For any person of color, race is always an issue. In environmental issues, race is often a key dividing line between who gets to go green and  who stays toxic.  People of color are all too often shut out and dumped on when the talk turns to green. So Van going green made a lot of sense. But I also felt that going green gave him a sense of liberation from tired old race politics. Van was no child of ’60s. He was now. Going green gave him some real stuff to chew on in the coming years.

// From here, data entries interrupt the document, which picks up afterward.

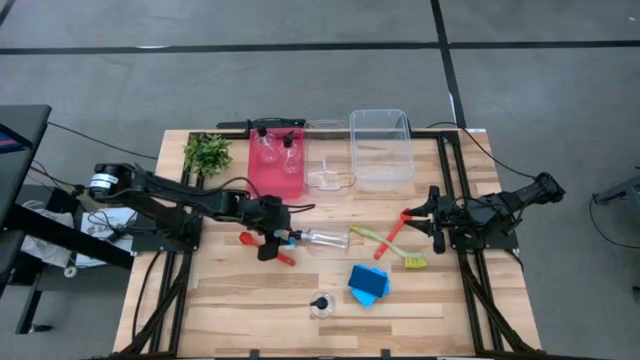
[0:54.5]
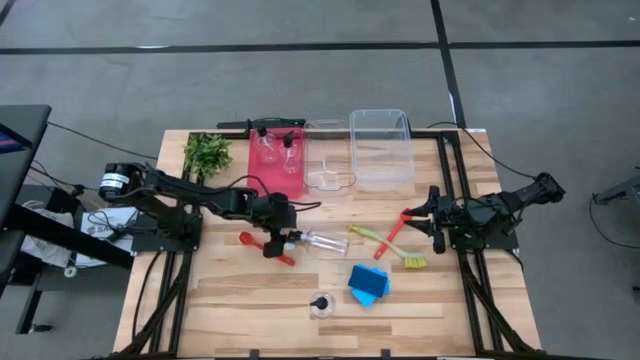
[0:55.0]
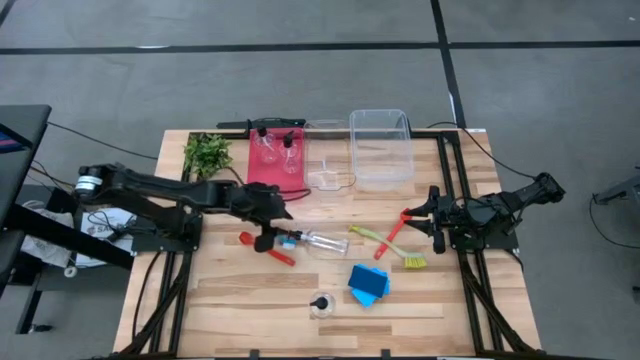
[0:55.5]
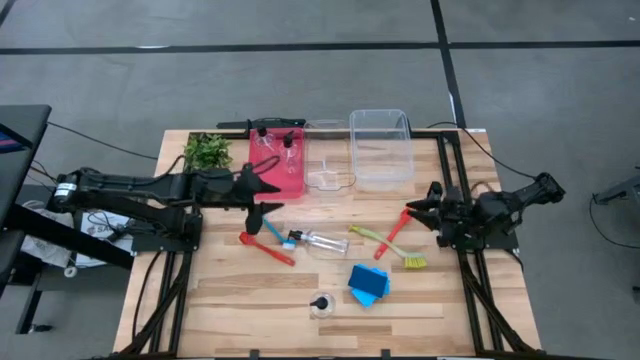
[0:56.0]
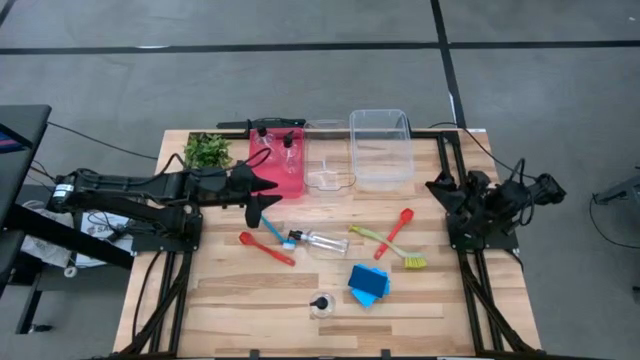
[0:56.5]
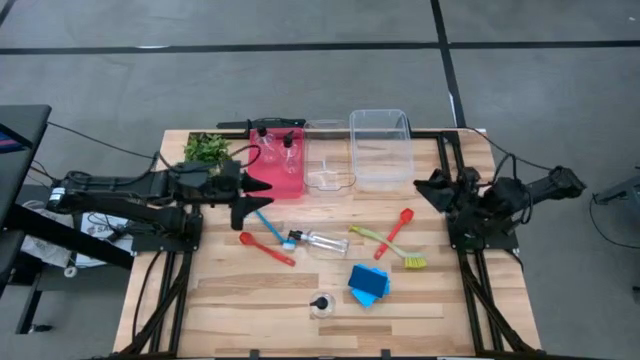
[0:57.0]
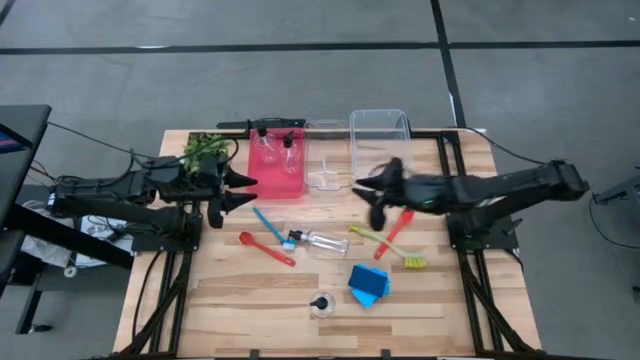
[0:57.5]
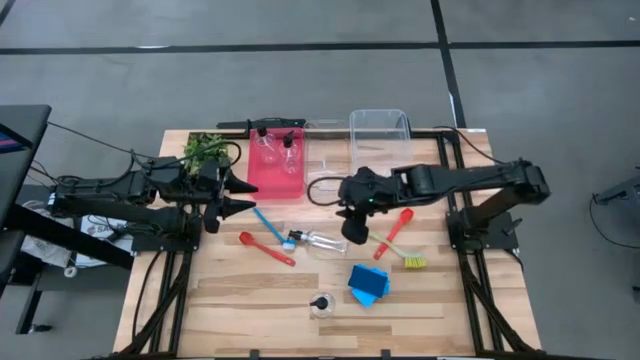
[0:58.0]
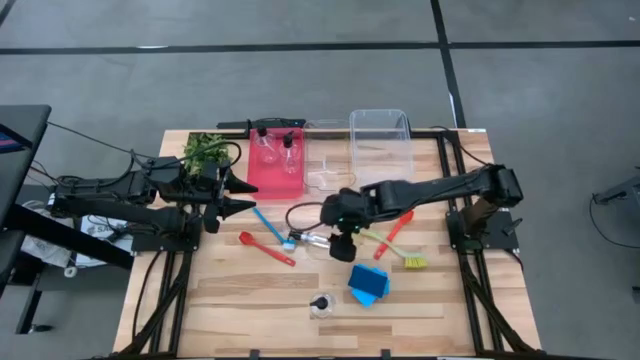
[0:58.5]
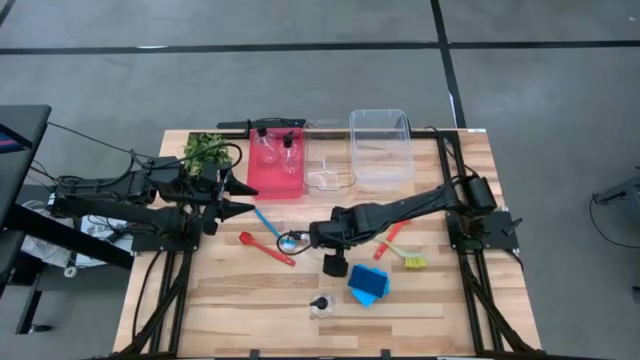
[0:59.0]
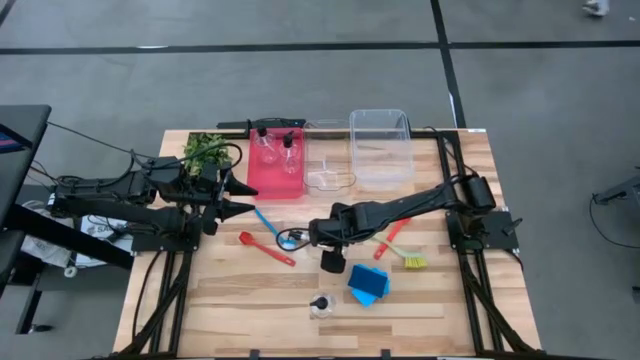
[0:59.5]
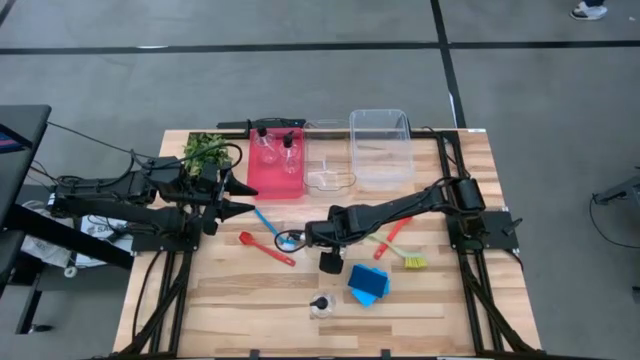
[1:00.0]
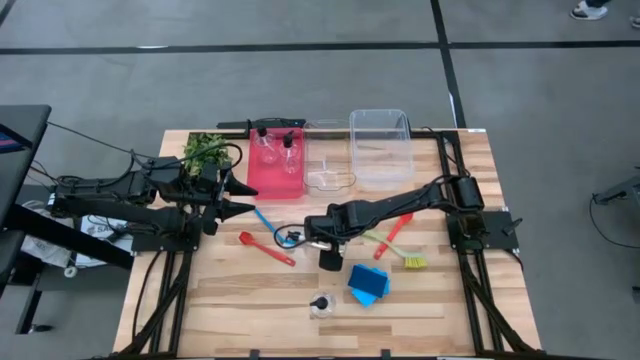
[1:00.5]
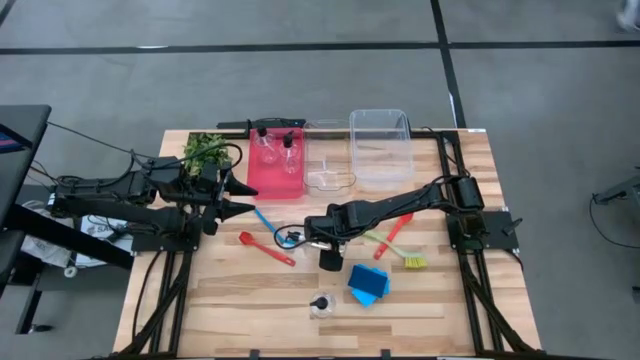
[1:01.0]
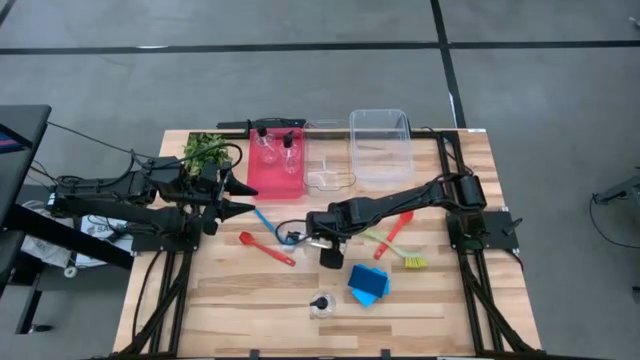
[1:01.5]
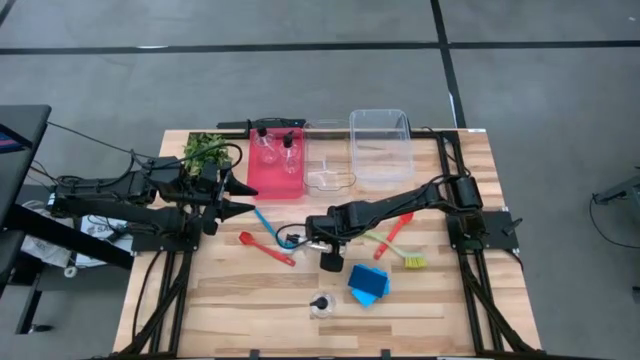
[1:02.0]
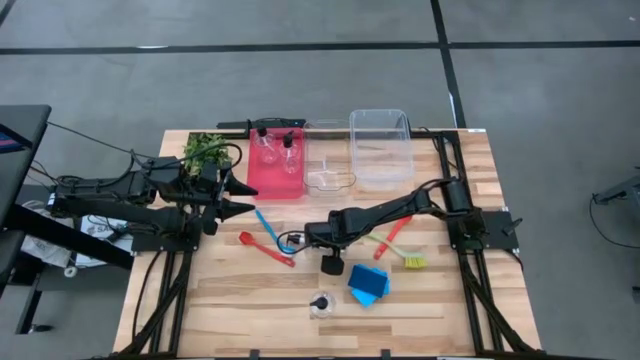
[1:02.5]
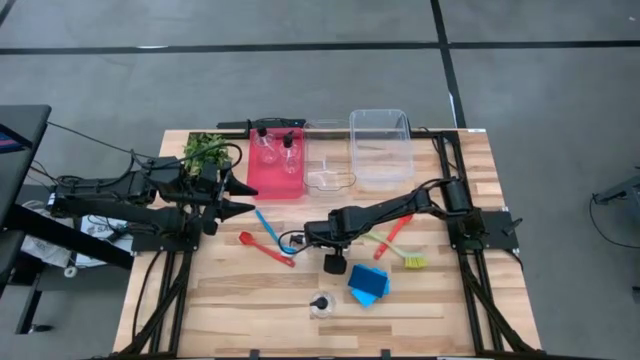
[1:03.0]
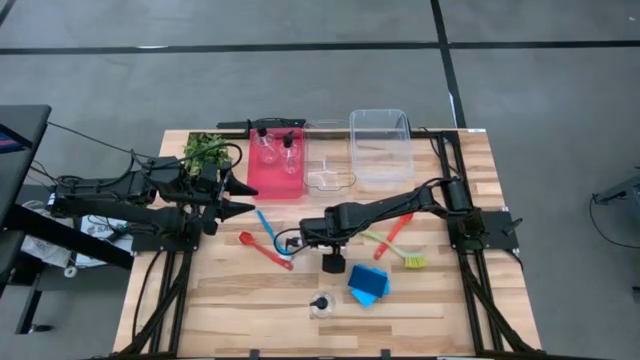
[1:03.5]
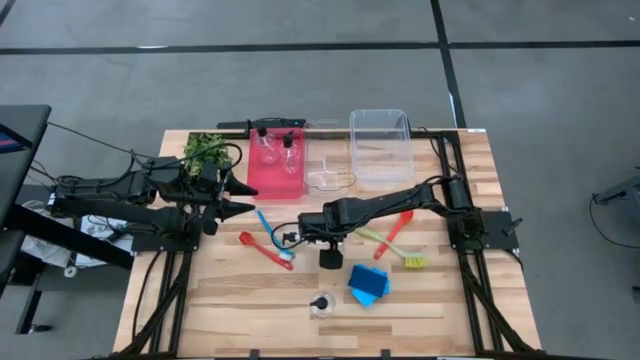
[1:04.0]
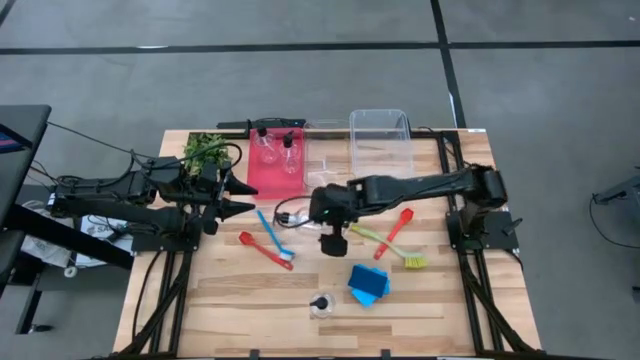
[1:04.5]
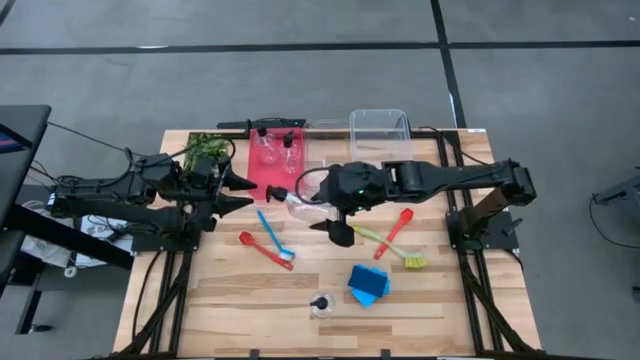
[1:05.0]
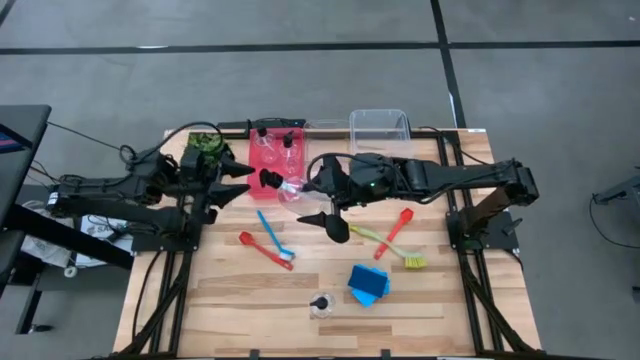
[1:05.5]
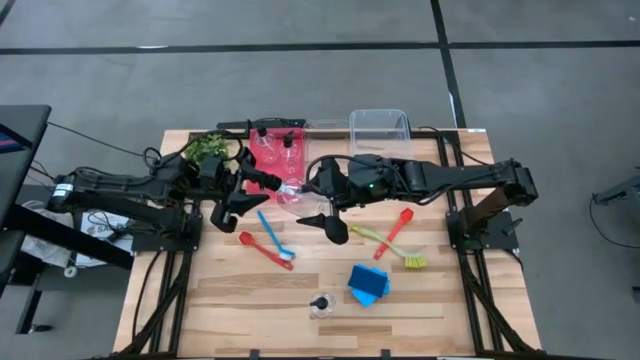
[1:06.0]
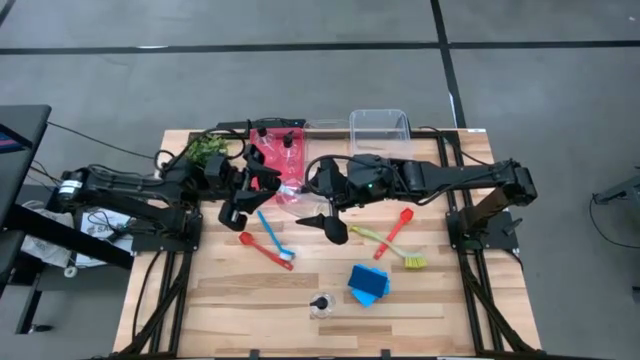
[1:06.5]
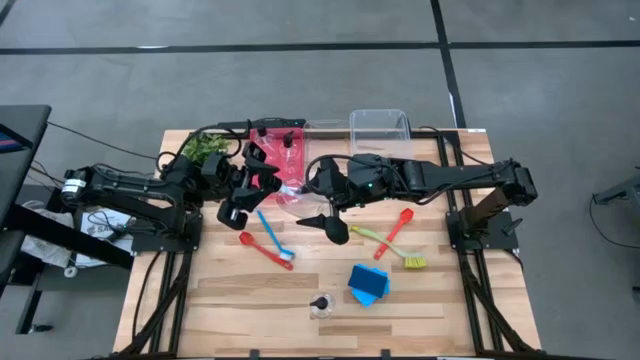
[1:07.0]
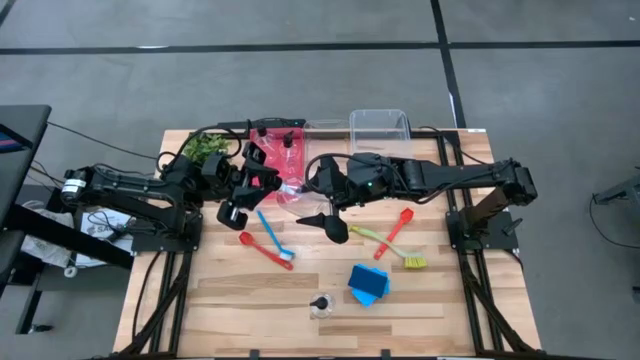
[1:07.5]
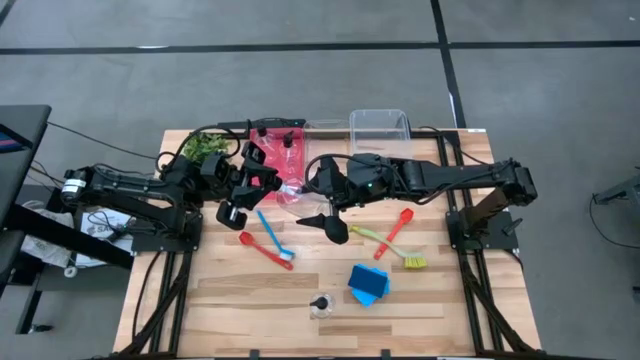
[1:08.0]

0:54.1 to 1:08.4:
Task: Pick & Place Kitchen Sink Supplies
Put the spray bottle into the pink bin

So isn’t it ironic that what comes back to haunt him are statements and positions from his activist past.  None of it is relevant. Anti-war stuff?Crude references to Republicans?  But all of it can be made to be a distraction as Jones pointed out in his resignation statement. And once the right finds a small hole to exploit, it bores in and makes it seem like the Grand Canyon. What would have come next? Van Jones with Paris Hilton? Breaking pita bread with Muslims? In the absurd political world of the right, it’s all fair game in the effort to find things that will destroy an administration one person at a time.

If good people like Van Jones can’t fight these kind of tactics, then public life in the age of the politics of personal destruction is simply not worth it.

Van Jones’ resignation is a loss because he represented the hope that a lot of young people saw in the Obama campaign. Maybe that’s the right’s grand plan. Kill the hope.